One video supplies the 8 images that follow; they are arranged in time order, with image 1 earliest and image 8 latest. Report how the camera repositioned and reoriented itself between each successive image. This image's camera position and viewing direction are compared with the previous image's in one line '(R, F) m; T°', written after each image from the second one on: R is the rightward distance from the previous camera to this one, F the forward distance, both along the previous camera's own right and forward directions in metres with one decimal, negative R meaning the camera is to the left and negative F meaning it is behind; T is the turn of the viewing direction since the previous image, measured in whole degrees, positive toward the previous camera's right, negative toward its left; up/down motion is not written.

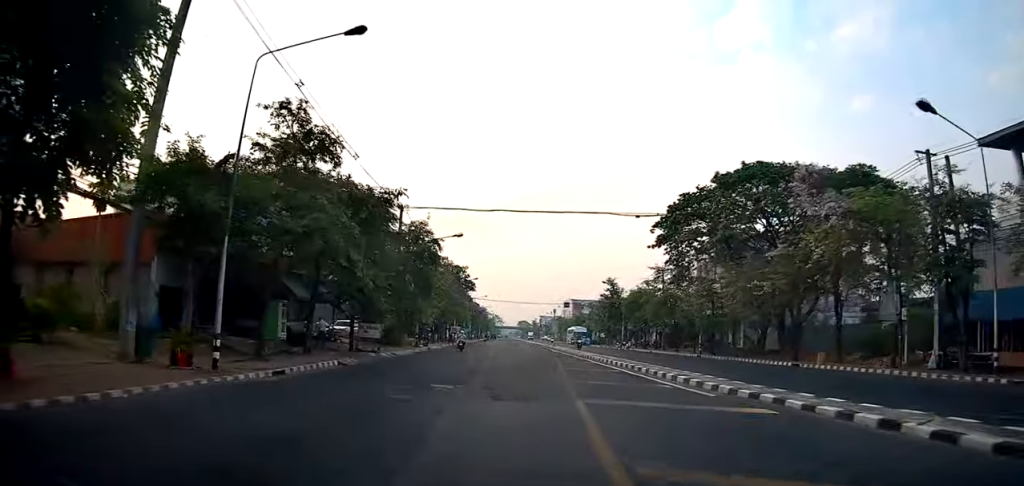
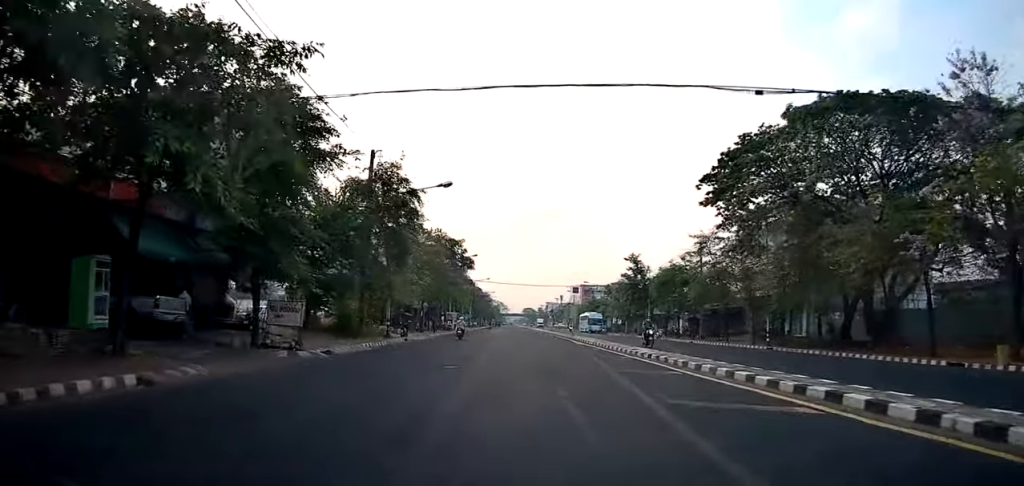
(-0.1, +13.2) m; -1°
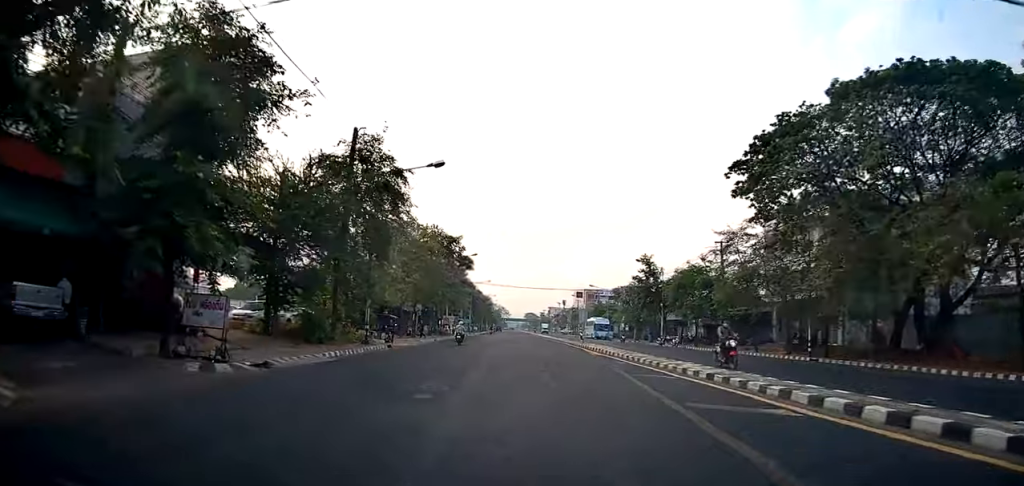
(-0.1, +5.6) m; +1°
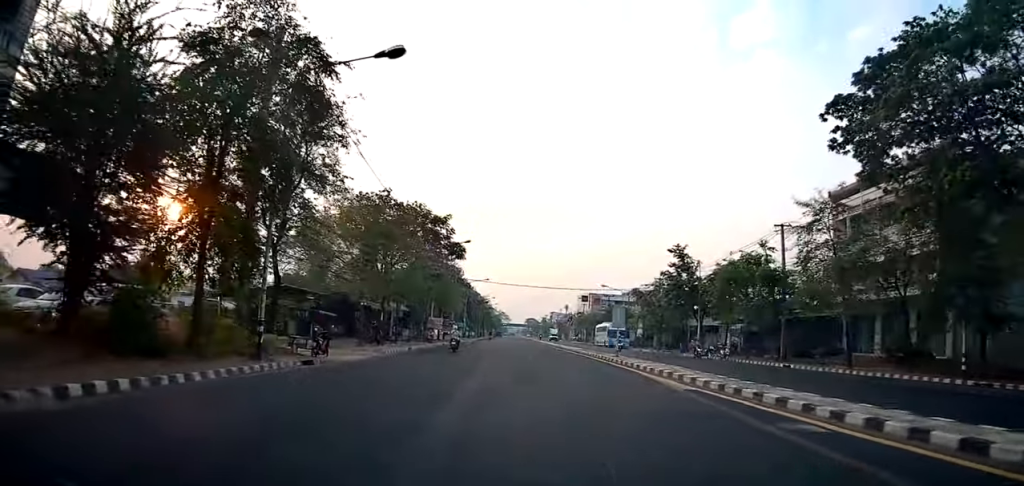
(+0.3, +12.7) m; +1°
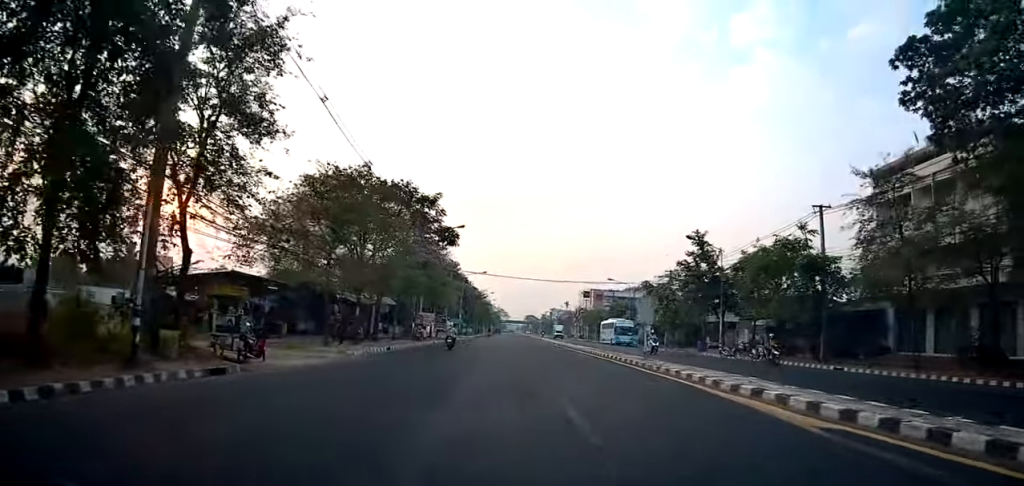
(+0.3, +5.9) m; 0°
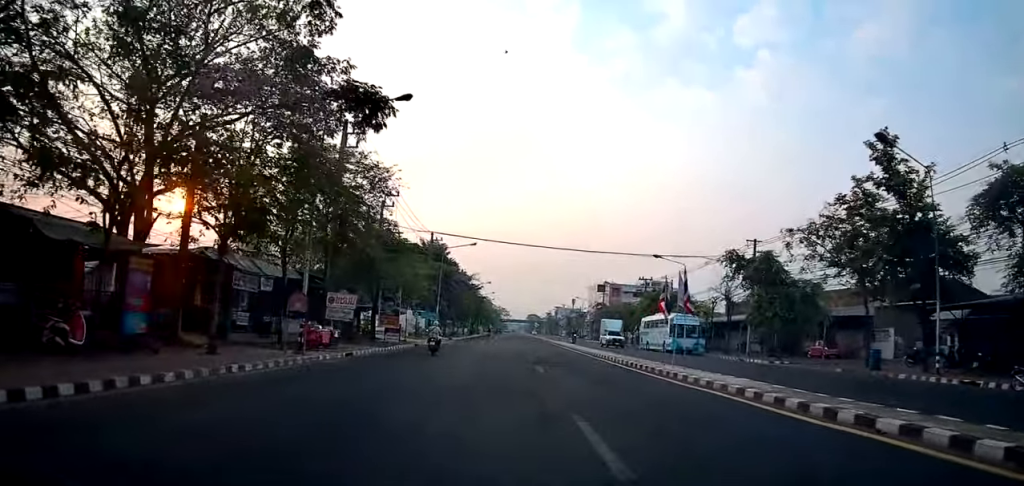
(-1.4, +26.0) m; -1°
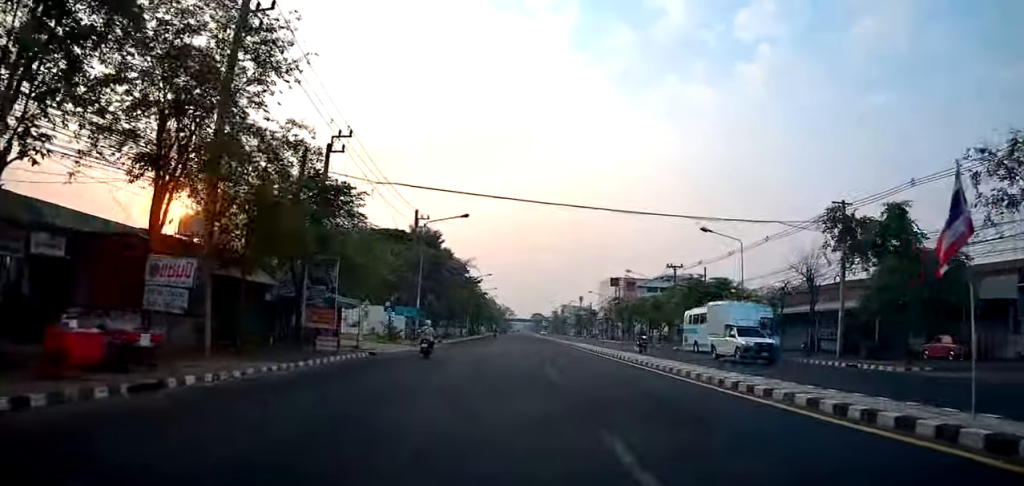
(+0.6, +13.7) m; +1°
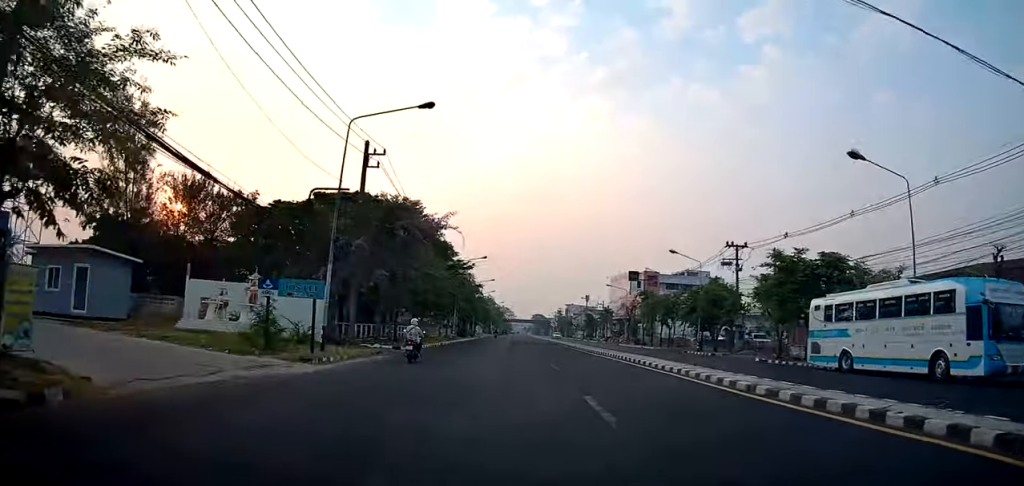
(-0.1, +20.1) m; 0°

-------

§ **DIRECTIONS FOR THIS TASK**: Copy out the data exactly and keep the pictures out.

§ **EXERCISE OUTPUT**:
One video supplies the 8 images that follow; they are arranged in time order, with image 1 earliest and image 8 latest. Report how the camera repositioned and reoriented itself between each successive image. This image's camera position and viewing direction are compared with the previous image's in one line '(R, F) m; T°', written after each image from the second one on: R is the rightward distance from the previous camera to this one, F the forward distance, both along the previous camera's own right and forward directions in metres with one decimal, negative R meaning the camera is to the left and negative F meaning it is behind; T is the turn of the viewing direction since the previous image, measured in whole degrees, positive toward the previous camera's right, negative toward its left; up/down motion is not written.

(-0.1, +13.2) m; -1°
(-0.1, +5.6) m; +1°
(+0.3, +12.7) m; +1°
(+0.3, +5.9) m; 0°
(-1.4, +26.0) m; -1°
(+0.6, +13.7) m; +1°
(-0.1, +20.1) m; 0°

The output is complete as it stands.